Soft robotics represents a paradigm shift in how we design and deploy machines. Unlike their rigid, jointed predecessors, soft robots are built from compliant materials—silicones, hydrogels, elastomers—that allow them to bend, stretch, twist, and squeeze in ways that mimic biological organisms. This inherent flexibility makes them ideal for operating in cluttered, fragile, or unpredictable environments. However, the very compliance that gives soft robots their advantage also presents a fundamental control challenge: how do you precisely actuate and steer a robot that has no rigid links or traditional motors?

Enter magnetic fields. Over the past decade, the use of magnetic actuation has emerged as one of the most promising solutions for remotely controlling soft robots. By embedding magnetic particles directly into the robot’s body, researchers can apply external magnetic fields to deform the robot, generate locomotion, and even perform complex tasks—all without any physical tether or internal power source. This approach offers unparalleled precision, safety, and versatility, opening doors to applications ranging from targeted drug delivery to deep-sea exploration. In this article, we dive deep into the physics, engineering, and future potential of magnetically actuated soft robots.

Understanding Magnetic Actuation in Soft Robotics

At its core, magnetic actuation relies on the interaction between an externally applied magnetic field and magnetic materials embedded within the soft robot.

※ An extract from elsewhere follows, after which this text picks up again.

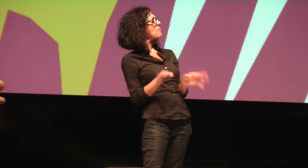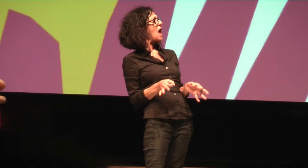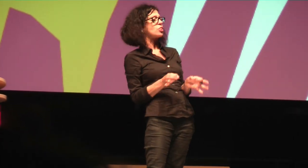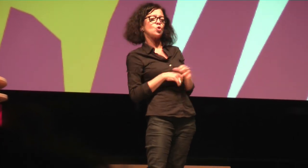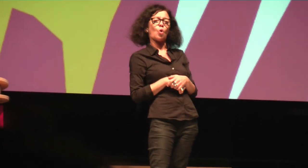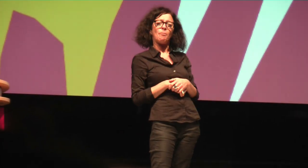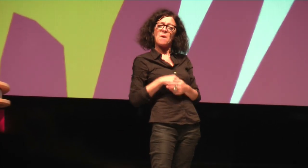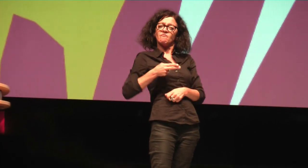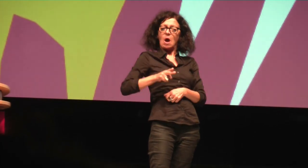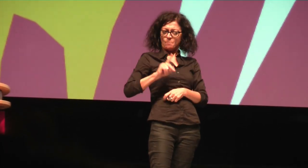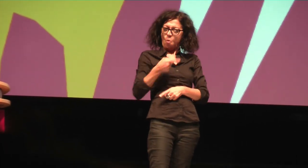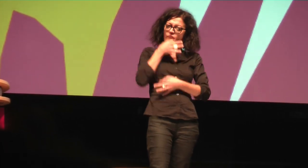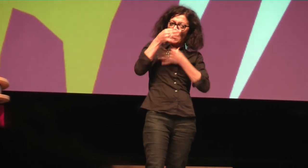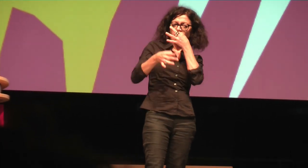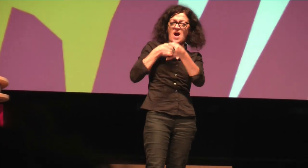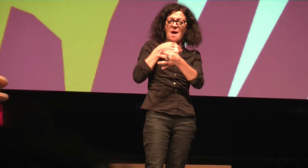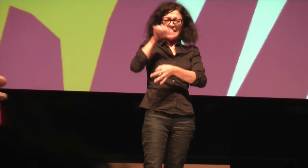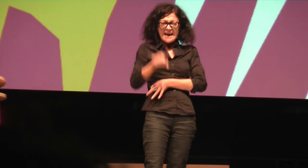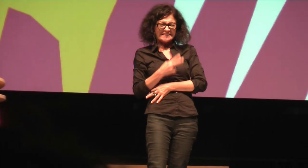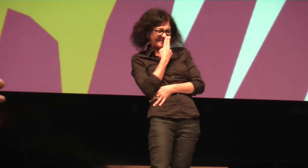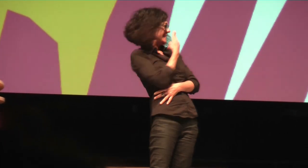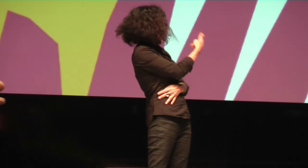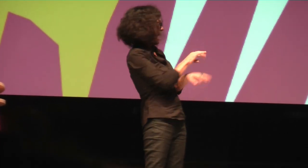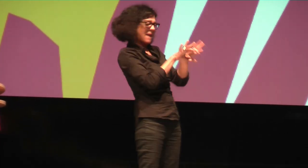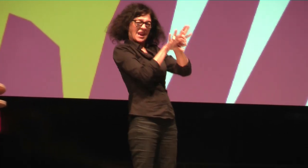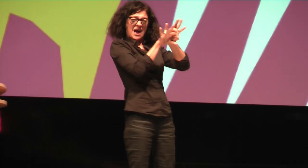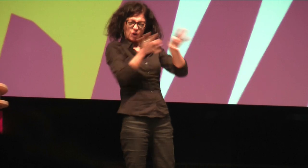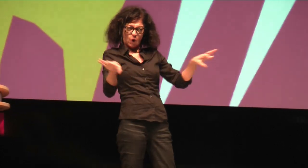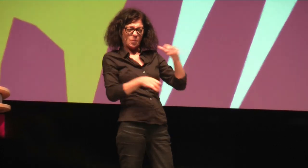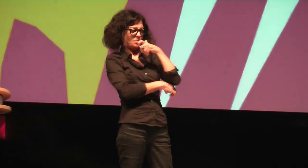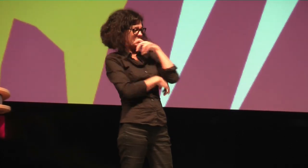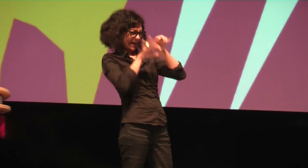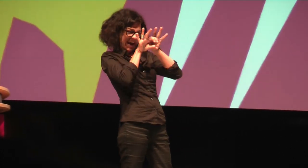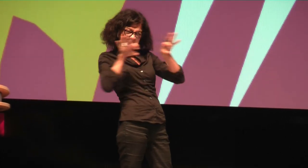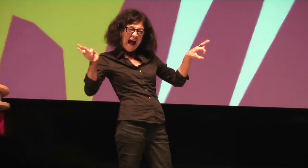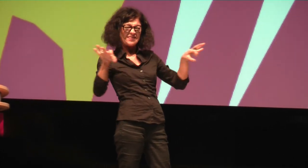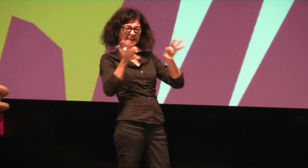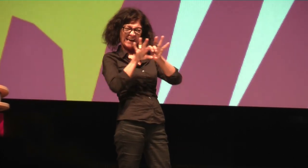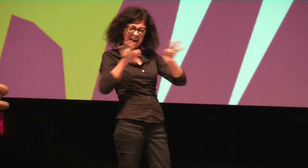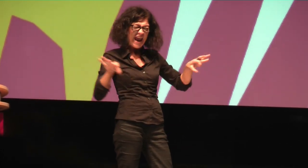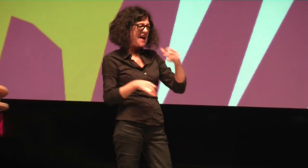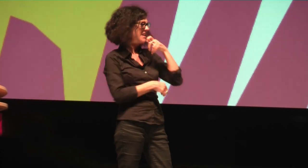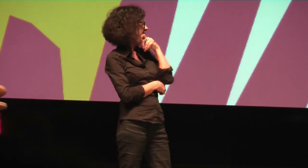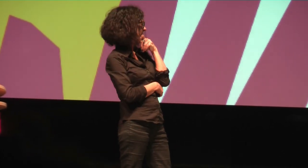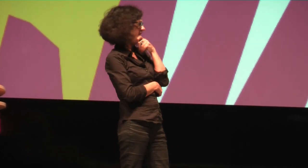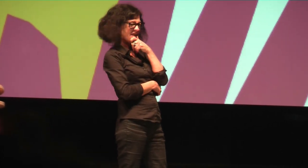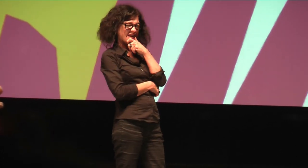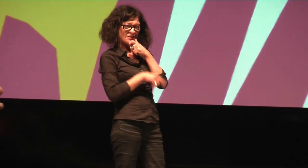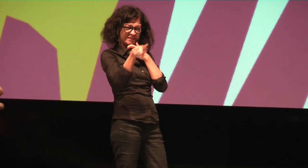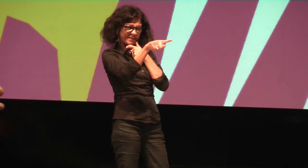klein auf. Und es gibt ja auch diese typische Kinderfrage, warum ist eine Banane krumm? Aber jetzt sehen wir hier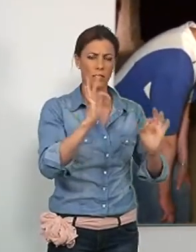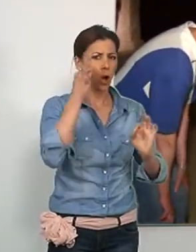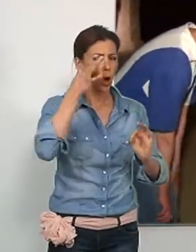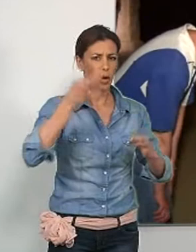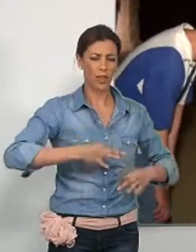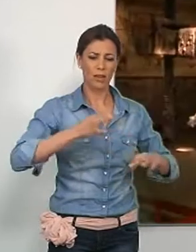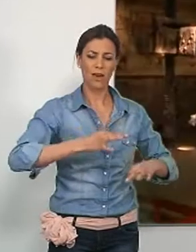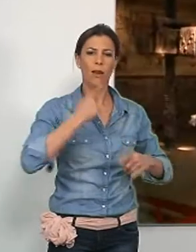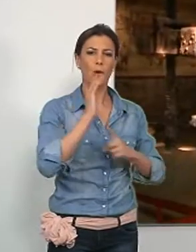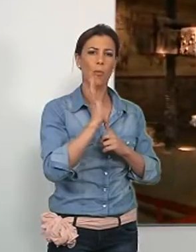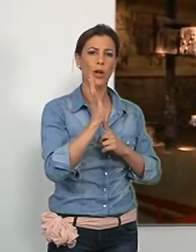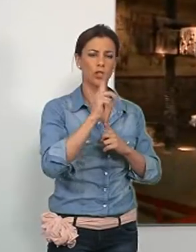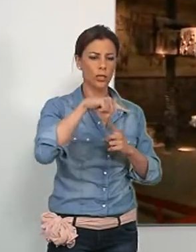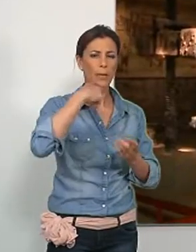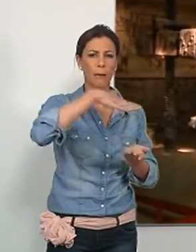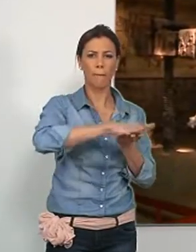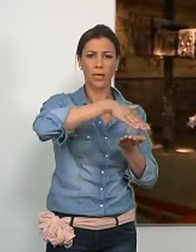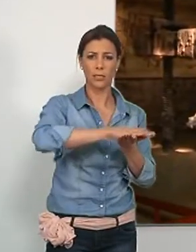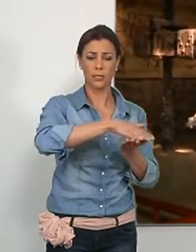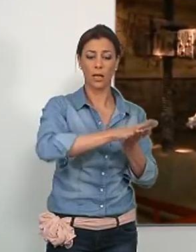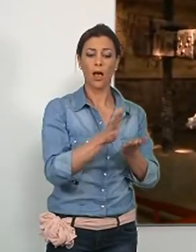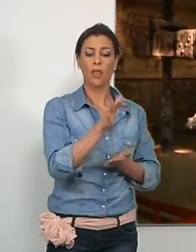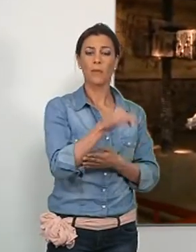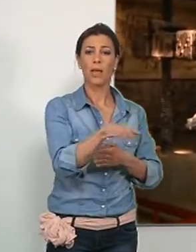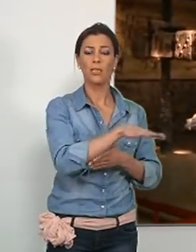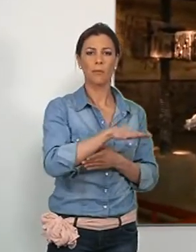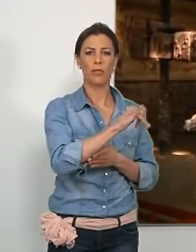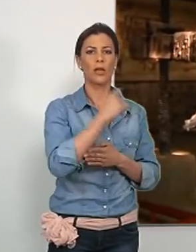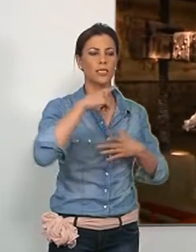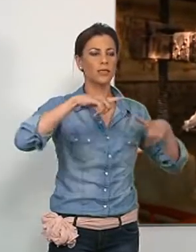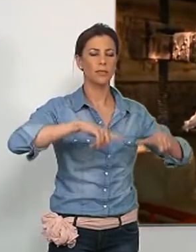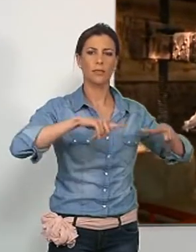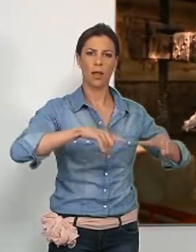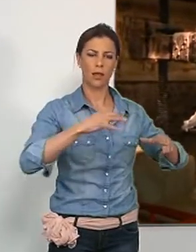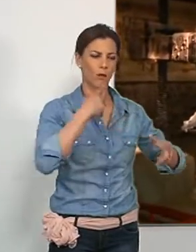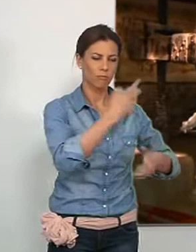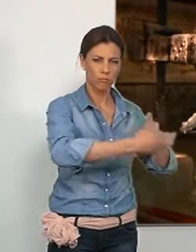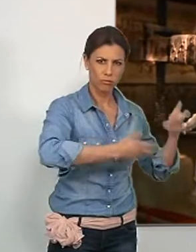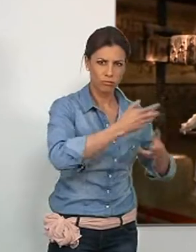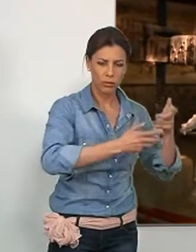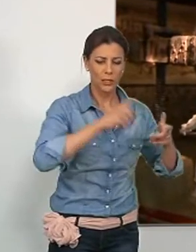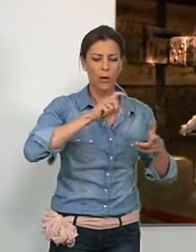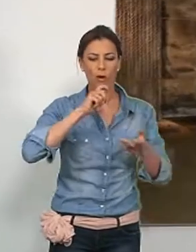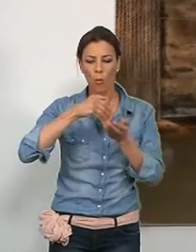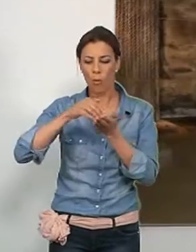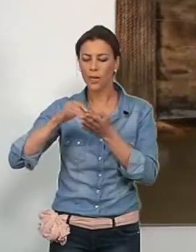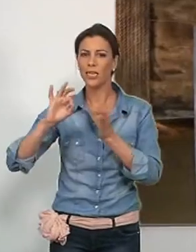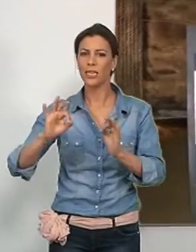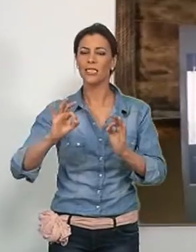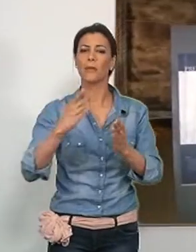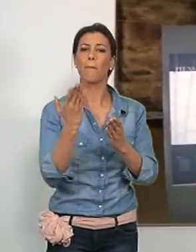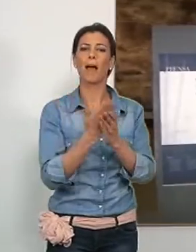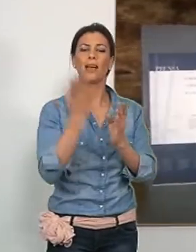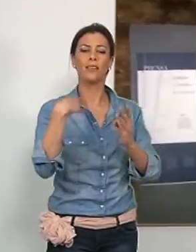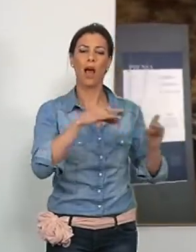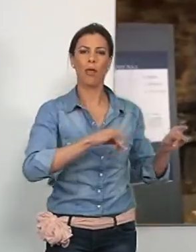original, tanto de molinos y prensa. Igualmente, el espacio cuenta con salas de cocción y purga de los panes de

The principle is straightforward: when a magnetic material is placed in a magnetic field, it experiences a torque (rotation) and/or a translational force. In a soft robot, these forces cause the robot’s body to deform, which can be harnessed for gripping, crawling, swimming, or rolling.

The Role of Magnetic Materials

The choice of magnetic filler is critical. Common materials include neodymium-iron-boron (NdFeB) microparticles, which have high remanent magnetization, or superparamagnetic iron oxide nanoparticles (SPIONs) that respond strongly to fields but are non-magnetic in the absence of an external stimulus. The particles are typically dispersed in a polymer matrix during fabrication. The resulting composite can be magnetized in a specific pattern (e.g., a programmed magnetization profile) so that when an external field is applied, the robot deforms in a predetermined way.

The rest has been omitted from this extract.